A clinical diagnosis of viral gastroenteritis was made and oral rehydration therapy and dietary modifications were recommended. After 3 days he returned to the clinic because of the persistence of the diarrhea, and there were still no other symptoms. Once again, the results of his physical examination were normal. Because of the continuation of the diarrhea, laboratory tests (blood, urine, and stool) were performed, and the results were as follows: hemoglobin, 11.5 g/dL; white blood cells, 9.2 103/mcL; platelets, 367 103/mcL (with a normal differential count); C-reactive protein, <0.5 mg/dL; glucose, 75 mg/dL; urea, 25 mg/dL; creatinine, 0.20 mg/dL; potassium, 4.3 nmol/L; sodium, 138 nmol/L; protein, 6.2 g/dL; albumin, 4.1 g/dL; bilirubin, 0.20 mg/dL; ferritin, 20 ng/mL; asparate aminotransferase, 37 U/L; alanine aminotransferase, 26 U/L; gamma-glutamyl transpeptidase, 5 U/L; calcium, 9.3 mg/dL; and phosphorus, 4.9 mg/dL. Urinalysis was normal, and stool for culture, ova, parasites, Giardia lamblia antigen, rotavirus, and adenovirus was negative. Blood serology was negative for Epstein-Barr virus (EBV), hepatitis C, and for immunoglobulin M cytomegalovirus (CMV) antibodies, and positive for immunoglobulin G CMV antibodies, indicating a past infection with CMV.

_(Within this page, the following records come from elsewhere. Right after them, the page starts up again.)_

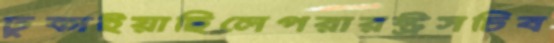
ঢুকাইয়াছিলেপরারষ্ট্রসচিব
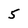
Character: 5
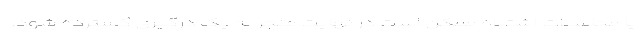
یا محاسبات اشتباه ممکن است در نهایت منجر به یک درگیری گسترده شود.
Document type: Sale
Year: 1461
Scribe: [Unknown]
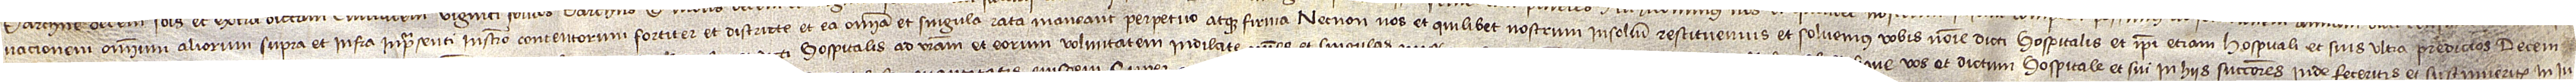
vacionem omnium aliorum supra et infra presenti instrumento contentorum fortiter et districte. Et ea omnia et singula rata maneant perpetuo atque firma. Necnon nos et quilibet nostrum insolidum restituemus et solvemus vobis nomine dicti hospitalis et ipsi etiam hospitali et suis ultra predictos decem
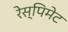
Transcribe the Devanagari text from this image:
रेस्पिमेट
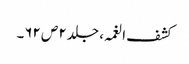
کشف الغمہ ، جلد ۲ ص ۶۲۔
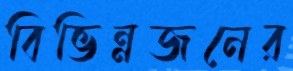
বিভিন্নজনের
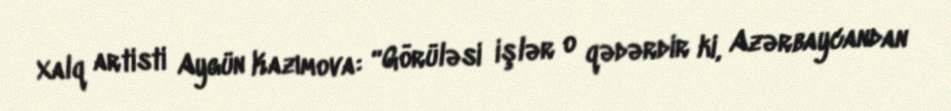
Xalq artisti Aygün Kazımova: “Görüləsi işlər o qədərdir ki, Azərbaycandan
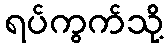
ရပ်ကွက်သို့
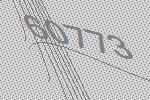
60773
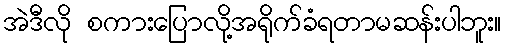
အဲဒီလို စကားပြောလို့အရိုက်ခံရတာမဆန်းပါဘူး။
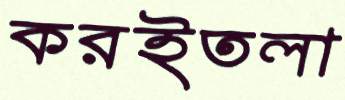
করইতলা
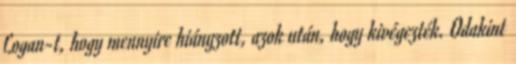
Logan-t, hogy mennyire hiányzott, azok után, hogy kivégezték. Odakint
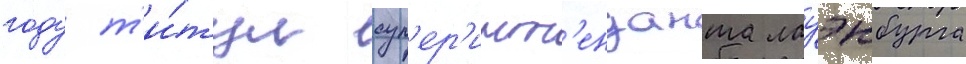
году т'и́тул суп'ер'инт'енданта лауэнбурга
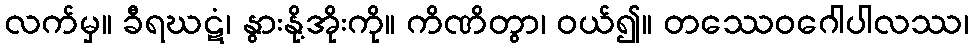
လက်မှ။ ခီရဃဋံ၊ နွားနို့အိုးကို။ ကိဏိတွာ၊ ဝယ်၍။ တဿေဝဂေါပါလဿ၊
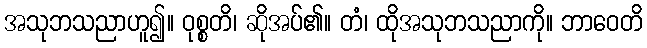
အသုဘသညာဟူ၍။ ဝုစ္စတိ၊ ဆိုအပ်၏။ တံ၊ ထိုအသုဘသညာကို။ ဘာဝေတိ
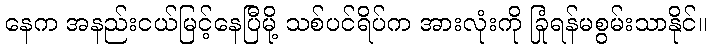
နေက အနည်းငယ်မြင့်နေပြီမို့ သစ်ပင်ရိပ်က အားလုံးကို ခြုံရန်မစွမ်းသာနိုင်။
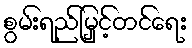
စွမ်းရည်မြှင့်တင်ရေး
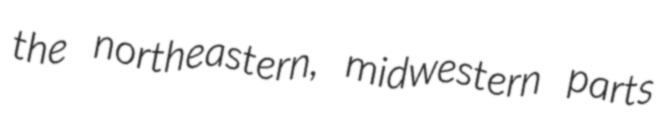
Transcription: the northeastern, midwestern parts
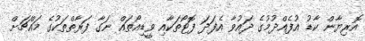
އޮރިޔާން ކާޑު އުފެއްދުމުގެ ދައުވާ އެފަދަ ފޮޓޯތަކާއި ވީޑިއޯތައް ނަގާ ފަރާތްތަކުގެ މައްޗަށް
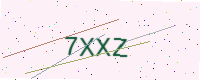
Text: 7XXZ
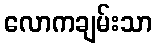
လောကချမ်းသာ
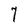
Character: 7
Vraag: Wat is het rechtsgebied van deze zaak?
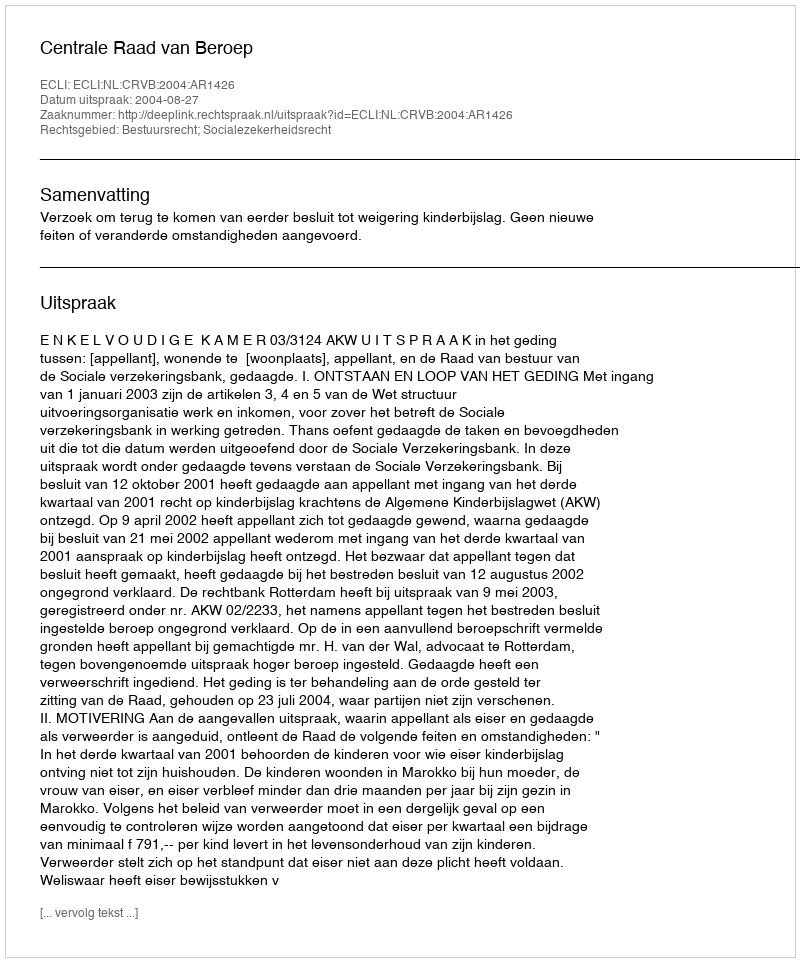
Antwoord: Bestuursrecht; Socialezekerheidsrecht

An elevated biochemical parameter in the blood revealed a condition that may be associated with the clinical presentation (gastroenteritis) described, appearing mainly in infancy and early childhood.

Diagnosis:

Benign Transient Hyperphosphatasemia of Infancy and Early Childhood

The patient’s serum alkaline phosphatase (ALP) was 6,778 U/L (normal range in healthy people is 104–345 U/L) with elevations of both ALP isoenzymes (liver and bone), thus establishing the diagnosis of Benign Transient Hyperphosphatasemia (BTH) of infancy and early childhood.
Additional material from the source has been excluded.